PROBLEM DETAILS:
Drop every picture, then repeat the records exactly.

DATA SUPPLIED:
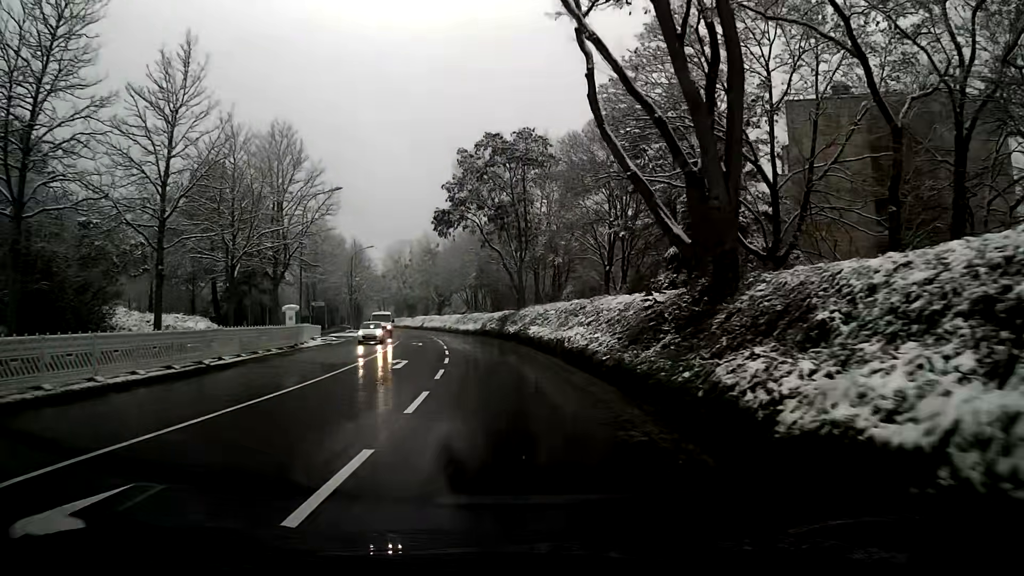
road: tertiary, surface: asphalt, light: Day
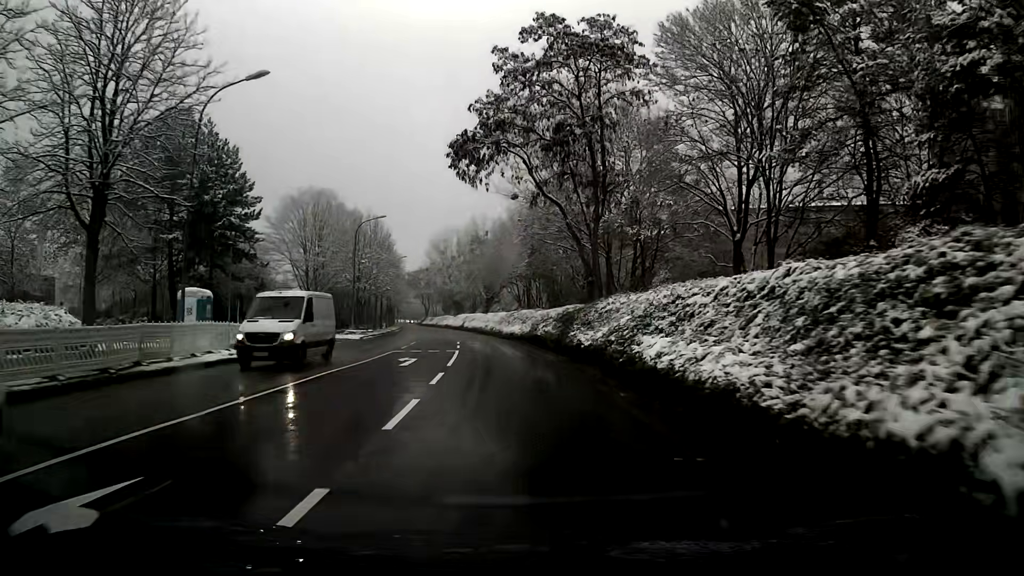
(-0.8, +20.0) m; -4°
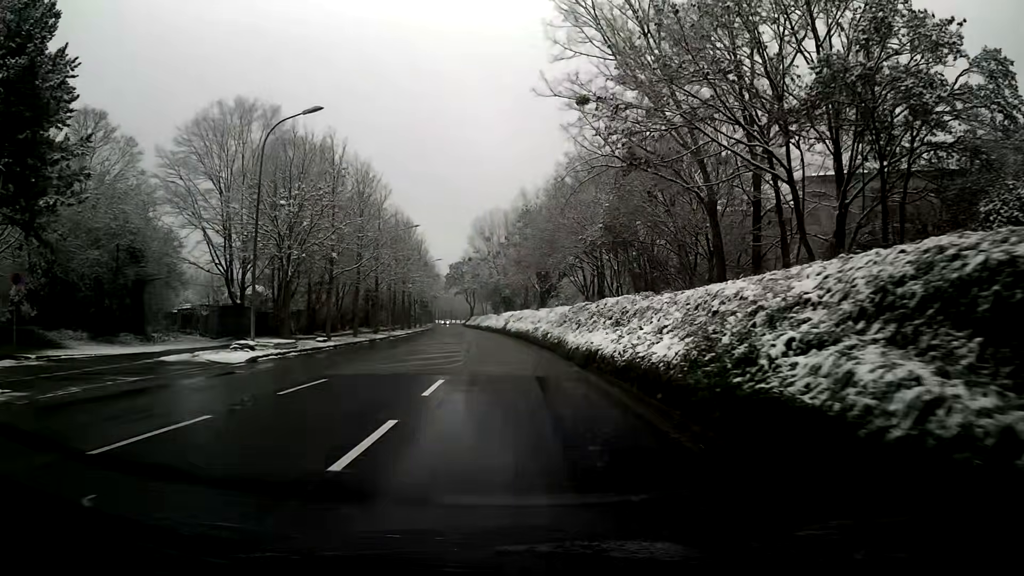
(-1.3, +28.1) m; -5°
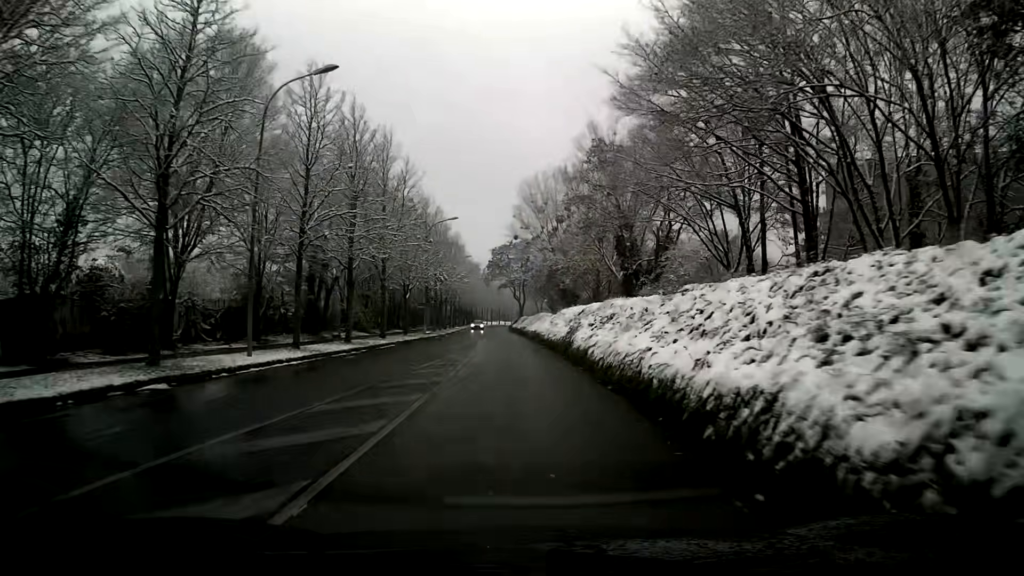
(-1.5, +37.2) m; -5°
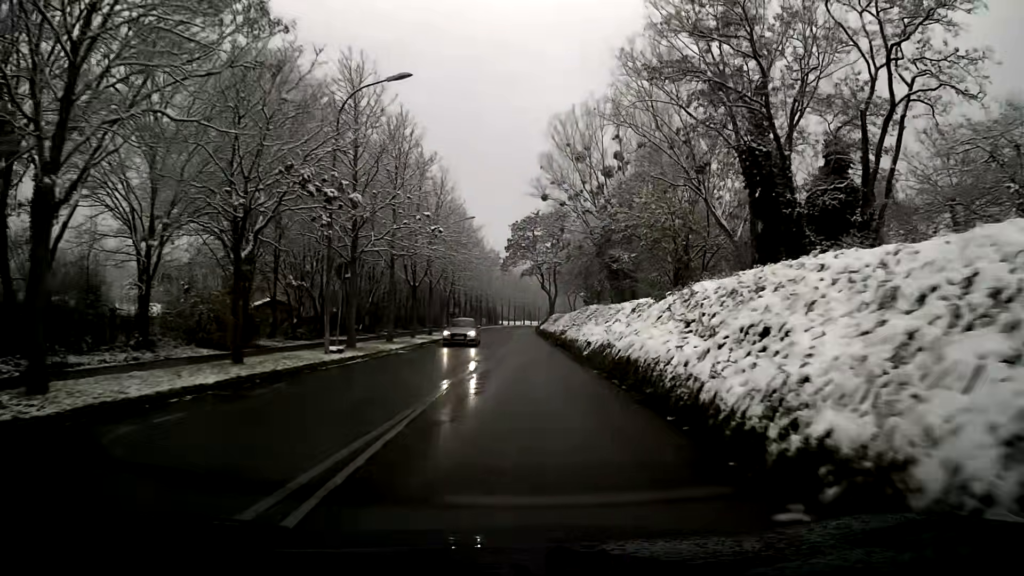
(-0.6, +31.5) m; -2°
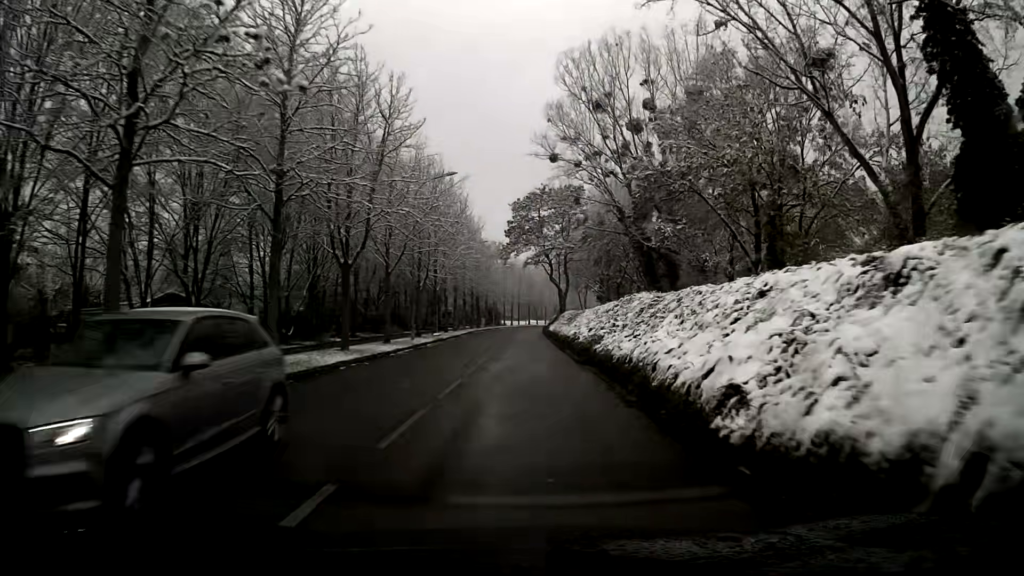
(-0.1, +16.2) m; -1°
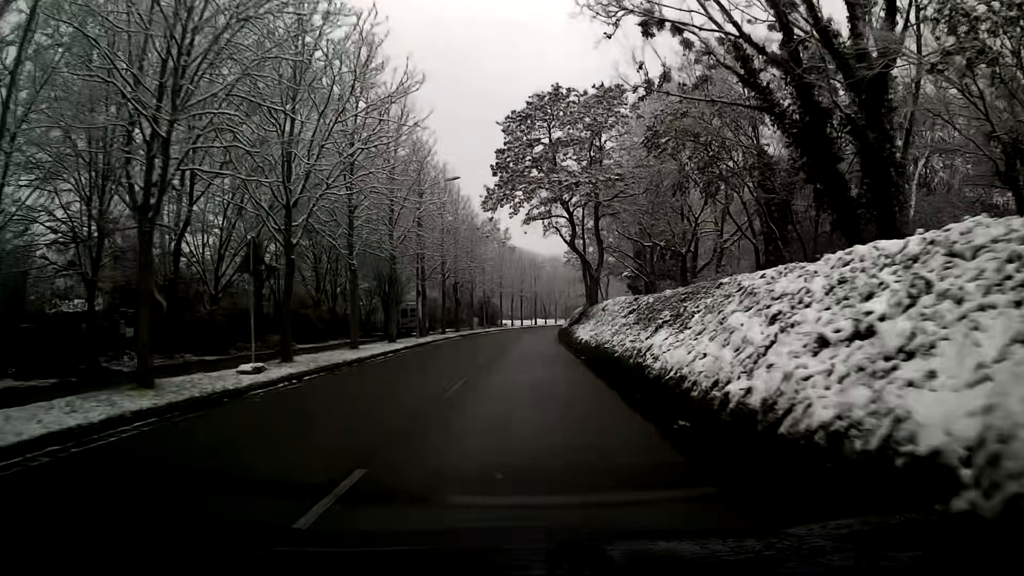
(-0.1, +31.0) m; 0°
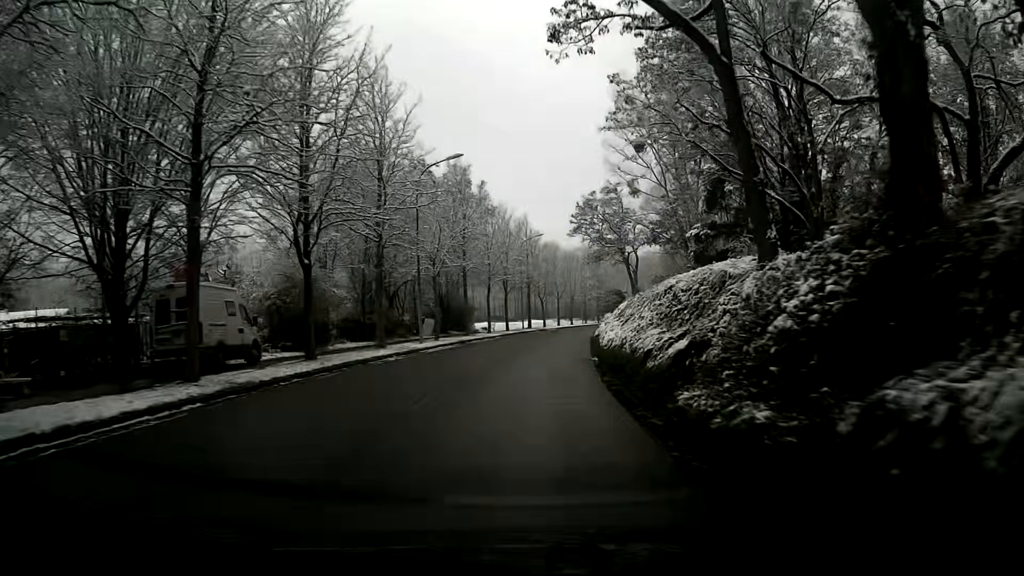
(+0.2, +37.7) m; +1°
(0, +10) (0, +20) (+1, +30) (+2, +40) (+3, +50) (+5, +60) (+7, +70) (+9, +79) (+12, +89) (+15, +98) m

RESULT:
road: tertiary, surface: asphalt, light: Day
(-0.8, +20.0) m; -4°
(-1.3, +28.1) m; -5°
(-1.5, +37.2) m; -5°
(-0.6, +31.5) m; -2°
(-0.1, +16.2) m; -1°
(-0.1, +31.0) m; 0°
(+0.2, +37.7) m; +1°
(0, +10) (0, +20) (+1, +30) (+2, +40) (+3, +50) (+5, +60) (+7, +70) (+9, +79) (+12, +89) (+15, +98) m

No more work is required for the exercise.